* _REQUIREMENT_
The line containing "From 34100 ms" marks the start, and the last line of the records below marks the end. Print that run exactly and nothing else.

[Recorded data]
┌──
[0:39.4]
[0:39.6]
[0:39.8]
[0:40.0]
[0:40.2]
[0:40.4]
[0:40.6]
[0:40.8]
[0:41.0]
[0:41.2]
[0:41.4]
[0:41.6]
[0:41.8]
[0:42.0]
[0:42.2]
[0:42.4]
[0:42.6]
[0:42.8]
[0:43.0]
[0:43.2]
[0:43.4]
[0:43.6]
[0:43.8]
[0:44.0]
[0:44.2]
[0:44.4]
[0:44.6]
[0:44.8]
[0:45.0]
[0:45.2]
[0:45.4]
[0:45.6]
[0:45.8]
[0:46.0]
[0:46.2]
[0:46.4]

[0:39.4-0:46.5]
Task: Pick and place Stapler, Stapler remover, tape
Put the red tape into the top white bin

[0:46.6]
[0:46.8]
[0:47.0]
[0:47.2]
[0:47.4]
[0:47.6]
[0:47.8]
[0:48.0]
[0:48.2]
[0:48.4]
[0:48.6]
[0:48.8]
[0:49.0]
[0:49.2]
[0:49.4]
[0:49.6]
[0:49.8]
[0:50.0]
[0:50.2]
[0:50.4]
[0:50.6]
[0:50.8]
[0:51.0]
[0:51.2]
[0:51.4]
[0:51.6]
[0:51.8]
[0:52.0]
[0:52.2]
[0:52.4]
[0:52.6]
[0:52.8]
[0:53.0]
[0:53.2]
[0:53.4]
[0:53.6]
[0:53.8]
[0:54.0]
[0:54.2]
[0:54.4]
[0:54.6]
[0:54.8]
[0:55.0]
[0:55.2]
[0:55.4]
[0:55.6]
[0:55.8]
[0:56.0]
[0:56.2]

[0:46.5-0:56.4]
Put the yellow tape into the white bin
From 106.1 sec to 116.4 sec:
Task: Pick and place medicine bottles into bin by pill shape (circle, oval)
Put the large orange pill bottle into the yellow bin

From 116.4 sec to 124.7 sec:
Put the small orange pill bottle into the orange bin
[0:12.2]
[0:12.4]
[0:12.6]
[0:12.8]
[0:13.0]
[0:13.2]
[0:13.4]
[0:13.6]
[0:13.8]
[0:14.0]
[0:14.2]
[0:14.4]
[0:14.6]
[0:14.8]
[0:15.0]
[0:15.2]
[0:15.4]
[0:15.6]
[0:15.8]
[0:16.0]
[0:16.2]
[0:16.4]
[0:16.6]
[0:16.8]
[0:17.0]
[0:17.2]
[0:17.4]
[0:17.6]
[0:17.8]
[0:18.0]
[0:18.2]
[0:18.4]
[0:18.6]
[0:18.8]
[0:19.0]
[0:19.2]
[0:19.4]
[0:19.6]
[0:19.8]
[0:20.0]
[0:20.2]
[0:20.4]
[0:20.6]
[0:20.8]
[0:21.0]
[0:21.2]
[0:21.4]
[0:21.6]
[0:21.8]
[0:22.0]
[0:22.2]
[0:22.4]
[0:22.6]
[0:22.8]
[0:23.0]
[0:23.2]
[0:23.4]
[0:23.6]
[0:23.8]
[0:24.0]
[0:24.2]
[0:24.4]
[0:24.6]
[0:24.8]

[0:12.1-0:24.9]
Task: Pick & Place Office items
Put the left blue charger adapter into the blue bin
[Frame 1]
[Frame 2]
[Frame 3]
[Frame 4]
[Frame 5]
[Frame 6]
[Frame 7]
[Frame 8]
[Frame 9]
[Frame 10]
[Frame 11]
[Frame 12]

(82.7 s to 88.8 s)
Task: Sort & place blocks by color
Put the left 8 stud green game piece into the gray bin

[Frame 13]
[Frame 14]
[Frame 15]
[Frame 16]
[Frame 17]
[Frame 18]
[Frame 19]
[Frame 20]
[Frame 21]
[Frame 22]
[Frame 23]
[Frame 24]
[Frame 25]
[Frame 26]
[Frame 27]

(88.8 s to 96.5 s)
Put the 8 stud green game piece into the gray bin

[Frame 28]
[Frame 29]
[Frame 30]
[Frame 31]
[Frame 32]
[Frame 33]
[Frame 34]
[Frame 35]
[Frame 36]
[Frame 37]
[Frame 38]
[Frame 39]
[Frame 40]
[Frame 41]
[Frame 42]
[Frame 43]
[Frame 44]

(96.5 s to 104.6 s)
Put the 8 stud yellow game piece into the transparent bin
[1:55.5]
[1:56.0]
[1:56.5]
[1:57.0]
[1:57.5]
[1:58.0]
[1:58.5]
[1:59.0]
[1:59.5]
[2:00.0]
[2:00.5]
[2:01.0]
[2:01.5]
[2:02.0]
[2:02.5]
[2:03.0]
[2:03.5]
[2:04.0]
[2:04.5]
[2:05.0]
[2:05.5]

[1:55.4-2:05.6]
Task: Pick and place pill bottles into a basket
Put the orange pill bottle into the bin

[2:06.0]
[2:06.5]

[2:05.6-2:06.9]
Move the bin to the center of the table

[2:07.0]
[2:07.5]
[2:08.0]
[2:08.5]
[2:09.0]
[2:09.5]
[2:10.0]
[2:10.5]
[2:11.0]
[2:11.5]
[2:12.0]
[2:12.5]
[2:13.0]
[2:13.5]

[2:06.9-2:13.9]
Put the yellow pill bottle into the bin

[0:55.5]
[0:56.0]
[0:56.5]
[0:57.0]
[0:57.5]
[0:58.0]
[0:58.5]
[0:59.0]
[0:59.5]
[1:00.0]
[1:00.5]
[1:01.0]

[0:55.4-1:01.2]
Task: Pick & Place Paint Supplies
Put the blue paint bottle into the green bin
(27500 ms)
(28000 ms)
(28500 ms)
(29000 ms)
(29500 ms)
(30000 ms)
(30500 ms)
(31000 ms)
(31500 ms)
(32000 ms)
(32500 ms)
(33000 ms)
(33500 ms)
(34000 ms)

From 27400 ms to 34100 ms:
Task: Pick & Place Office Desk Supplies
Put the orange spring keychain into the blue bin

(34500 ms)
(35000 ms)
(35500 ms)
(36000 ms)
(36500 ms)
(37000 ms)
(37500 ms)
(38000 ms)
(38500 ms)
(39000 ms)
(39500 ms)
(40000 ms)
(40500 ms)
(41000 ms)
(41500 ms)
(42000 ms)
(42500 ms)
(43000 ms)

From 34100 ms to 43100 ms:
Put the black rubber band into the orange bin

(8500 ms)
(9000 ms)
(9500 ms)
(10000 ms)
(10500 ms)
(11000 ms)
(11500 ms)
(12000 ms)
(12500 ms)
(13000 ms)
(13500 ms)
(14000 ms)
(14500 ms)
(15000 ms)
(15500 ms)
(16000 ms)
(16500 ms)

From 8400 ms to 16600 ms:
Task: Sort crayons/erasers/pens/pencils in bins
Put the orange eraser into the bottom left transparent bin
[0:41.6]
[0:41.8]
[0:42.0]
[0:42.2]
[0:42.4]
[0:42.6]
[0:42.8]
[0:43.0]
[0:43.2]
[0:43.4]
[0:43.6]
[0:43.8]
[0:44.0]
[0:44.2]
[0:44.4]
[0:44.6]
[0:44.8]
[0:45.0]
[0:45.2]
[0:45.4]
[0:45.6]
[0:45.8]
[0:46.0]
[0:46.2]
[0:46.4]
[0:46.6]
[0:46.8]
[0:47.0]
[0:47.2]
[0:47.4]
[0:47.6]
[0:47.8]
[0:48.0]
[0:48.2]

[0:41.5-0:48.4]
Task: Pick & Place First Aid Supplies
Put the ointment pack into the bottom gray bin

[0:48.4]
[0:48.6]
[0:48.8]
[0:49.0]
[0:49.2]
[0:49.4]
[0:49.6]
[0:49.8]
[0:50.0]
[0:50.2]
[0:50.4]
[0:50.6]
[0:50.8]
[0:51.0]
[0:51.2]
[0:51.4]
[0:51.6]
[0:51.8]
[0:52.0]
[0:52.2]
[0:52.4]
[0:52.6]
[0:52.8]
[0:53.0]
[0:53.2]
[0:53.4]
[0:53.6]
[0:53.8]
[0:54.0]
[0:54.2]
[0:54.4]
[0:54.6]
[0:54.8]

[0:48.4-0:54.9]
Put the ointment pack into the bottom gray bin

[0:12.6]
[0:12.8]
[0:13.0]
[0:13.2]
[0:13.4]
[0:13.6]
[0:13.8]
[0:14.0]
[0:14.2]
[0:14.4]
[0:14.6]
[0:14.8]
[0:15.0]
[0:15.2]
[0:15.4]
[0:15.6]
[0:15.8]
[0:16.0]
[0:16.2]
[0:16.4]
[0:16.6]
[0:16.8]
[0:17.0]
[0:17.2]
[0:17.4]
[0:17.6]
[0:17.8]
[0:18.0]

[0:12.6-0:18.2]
└──
* _RESPONSE BELOW_
From 34100 ms to 43100 ms:
Put the black rubber band into the orange bin

(8500 ms)
(9000 ms)
(9500 ms)
(10000 ms)
(10500 ms)
(11000 ms)
(11500 ms)
(12000 ms)
(12500 ms)
(13000 ms)
(13500 ms)
(14000 ms)
(14500 ms)
(15000 ms)
(15500 ms)
(16000 ms)
(16500 ms)

From 8400 ms to 16600 ms:
Task: Sort crayons/erasers/pens/pencils in bins
Put the orange eraser into the bottom left transparent bin
[0:41.6]
[0:41.8]
[0:42.0]
[0:42.2]
[0:42.4]
[0:42.6]
[0:42.8]
[0:43.0]
[0:43.2]
[0:43.4]
[0:43.6]
[0:43.8]
[0:44.0]
[0:44.2]
[0:44.4]
[0:44.6]
[0:44.8]
[0:45.0]
[0:45.2]
[0:45.4]
[0:45.6]
[0:45.8]
[0:46.0]
[0:46.2]
[0:46.4]
[0:46.6]
[0:46.8]
[0:47.0]
[0:47.2]
[0:47.4]
[0:47.6]
[0:47.8]
[0:48.0]
[0:48.2]

[0:41.5-0:48.4]
Task: Pick & Place First Aid Supplies
Put the ointment pack into the bottom gray bin

[0:48.4]
[0:48.6]
[0:48.8]
[0:49.0]
[0:49.2]
[0:49.4]
[0:49.6]
[0:49.8]
[0:50.0]
[0:50.2]
[0:50.4]
[0:50.6]
[0:50.8]
[0:51.0]
[0:51.2]
[0:51.4]
[0:51.6]
[0:51.8]
[0:52.0]
[0:52.2]
[0:52.4]
[0:52.6]
[0:52.8]
[0:53.0]
[0:53.2]
[0:53.4]
[0:53.6]
[0:53.8]
[0:54.0]
[0:54.2]
[0:54.4]
[0:54.6]
[0:54.8]

[0:48.4-0:54.9]
Put the ointment pack into the bottom gray bin

[0:12.6]
[0:12.8]
[0:13.0]
[0:13.2]
[0:13.4]
[0:13.6]
[0:13.8]
[0:14.0]
[0:14.2]
[0:14.4]
[0:14.6]
[0:14.8]
[0:15.0]
[0:15.2]
[0:15.4]
[0:15.6]
[0:15.8]
[0:16.0]
[0:16.2]
[0:16.4]
[0:16.6]
[0:16.8]
[0:17.0]
[0:17.2]
[0:17.4]
[0:17.6]
[0:17.8]
[0:18.0]

[0:12.6-0:18.2]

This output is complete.